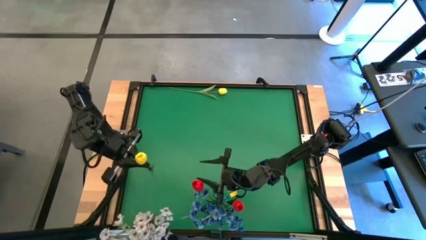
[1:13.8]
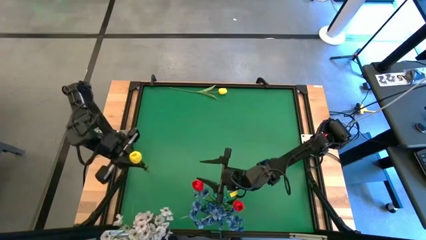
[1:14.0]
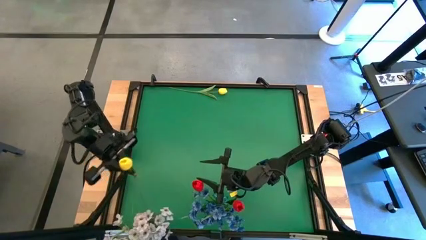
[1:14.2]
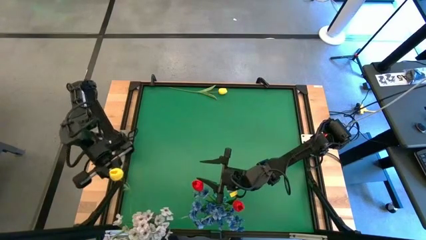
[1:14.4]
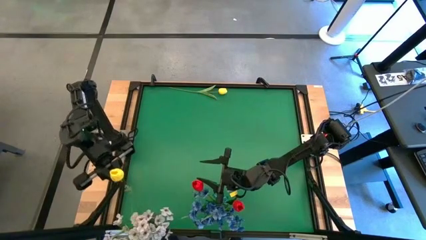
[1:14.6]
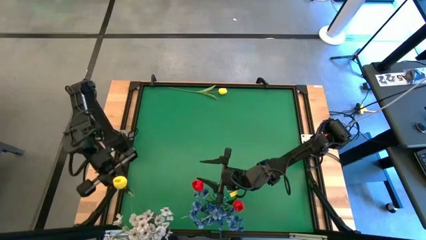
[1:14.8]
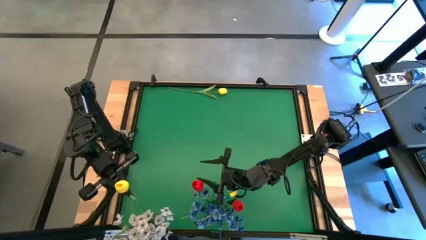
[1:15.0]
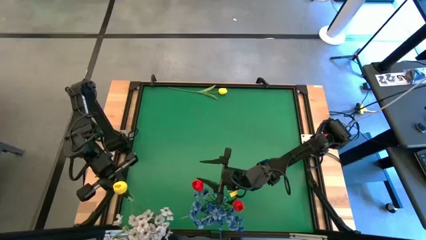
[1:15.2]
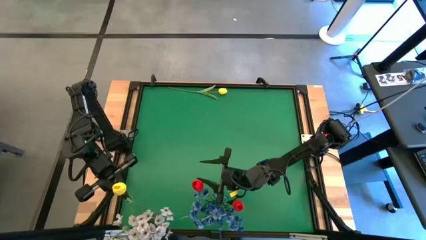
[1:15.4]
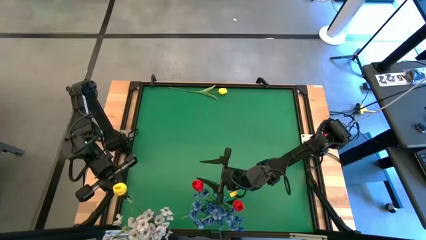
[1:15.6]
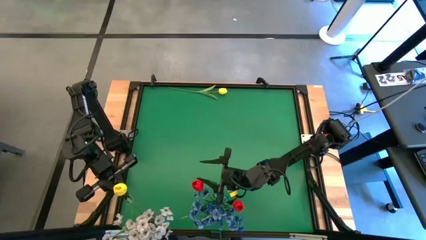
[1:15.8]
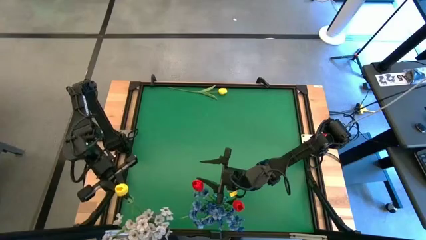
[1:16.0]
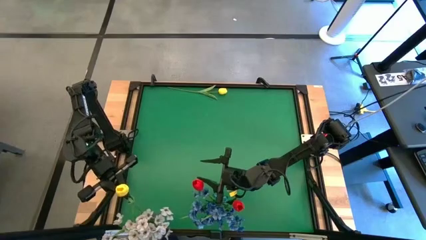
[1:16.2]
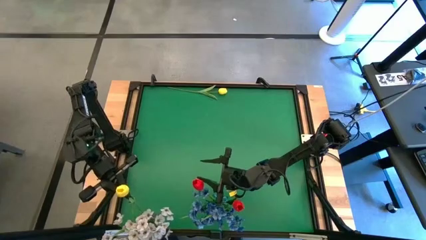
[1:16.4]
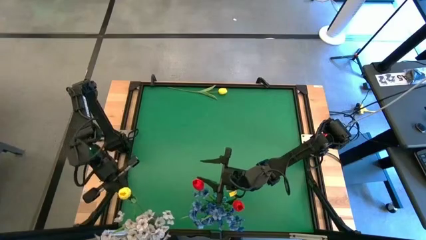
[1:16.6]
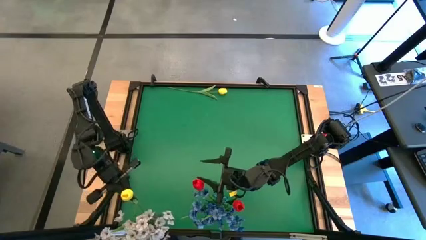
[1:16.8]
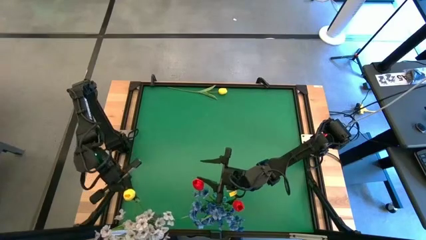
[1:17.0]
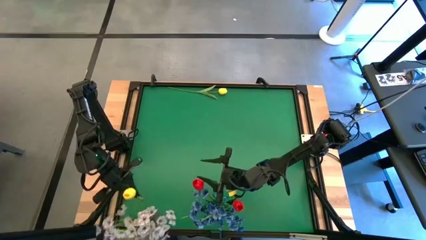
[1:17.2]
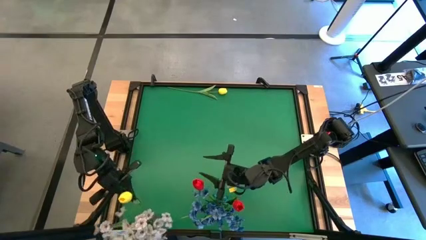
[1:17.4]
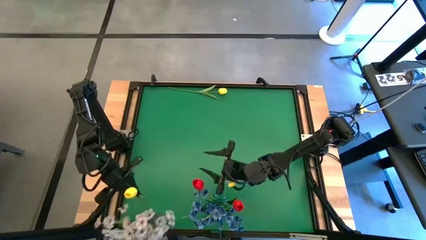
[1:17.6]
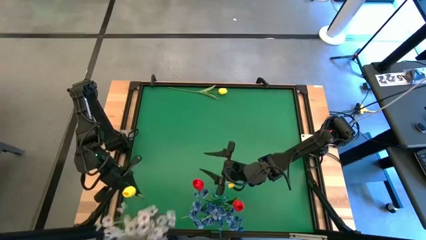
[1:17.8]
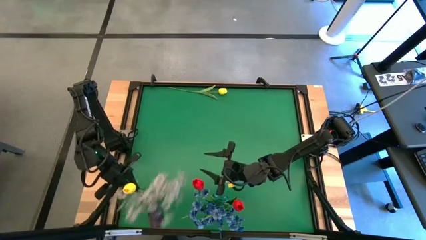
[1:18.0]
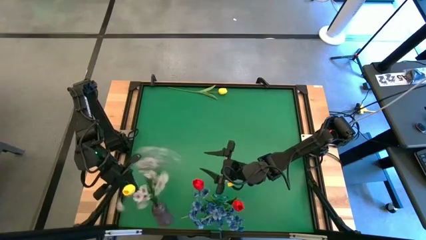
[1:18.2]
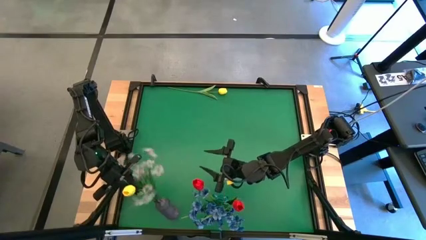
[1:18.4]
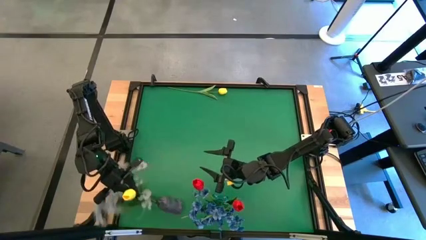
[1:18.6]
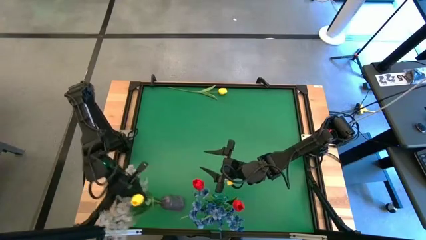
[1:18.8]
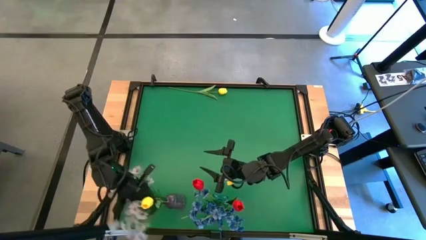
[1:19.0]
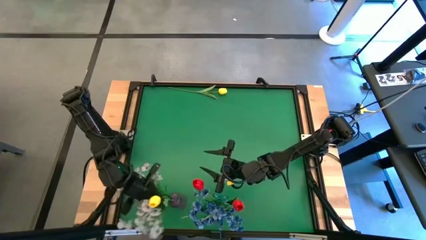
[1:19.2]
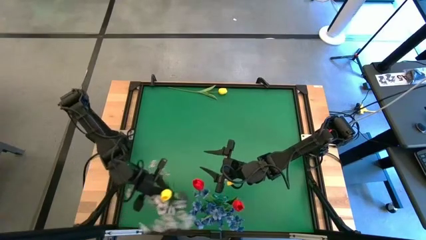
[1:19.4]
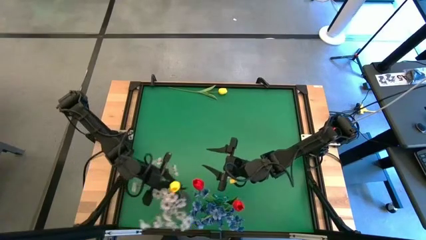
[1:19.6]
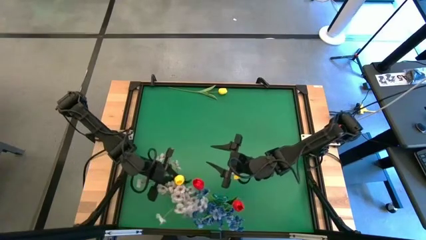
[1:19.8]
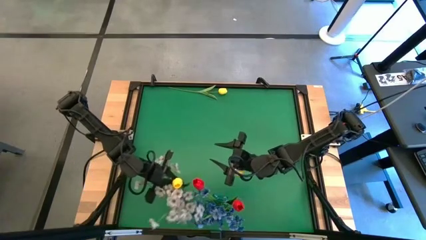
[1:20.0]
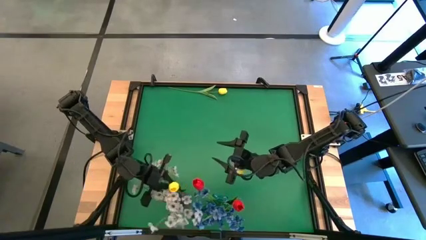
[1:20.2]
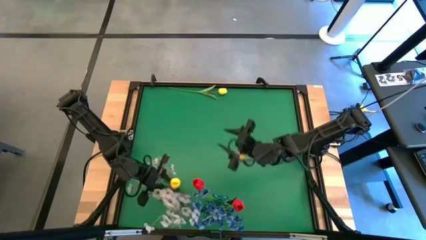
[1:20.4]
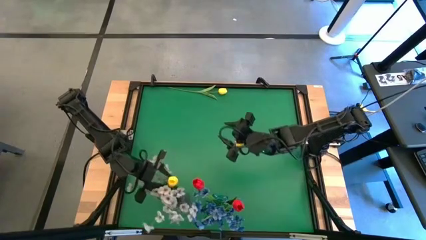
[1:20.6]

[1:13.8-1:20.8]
Task: Sort flowers into vase by color
Put the bottom yellow flower into the purple vase

···

WHAT THE EXERCISE ASKS: Could you transcribe the records above exactly, leaving out any pictures?

FINISHED EXERCISE:
[1:13.8]
[1:14.0]
[1:14.2]
[1:14.4]
[1:14.6]
[1:14.8]
[1:15.0]
[1:15.2]
[1:15.4]
[1:15.6]
[1:15.8]
[1:16.0]
[1:16.2]
[1:16.4]
[1:16.6]
[1:16.8]
[1:17.0]
[1:17.2]
[1:17.4]
[1:17.6]
[1:17.8]
[1:18.0]
[1:18.2]
[1:18.4]
[1:18.6]
[1:18.8]
[1:19.0]
[1:19.2]
[1:19.4]
[1:19.6]
[1:19.8]
[1:20.0]
[1:20.2]
[1:20.4]
[1:20.6]

[1:13.8-1:20.8]
Task: Sort flowers into vase by color
Put the bottom yellow flower into the purple vase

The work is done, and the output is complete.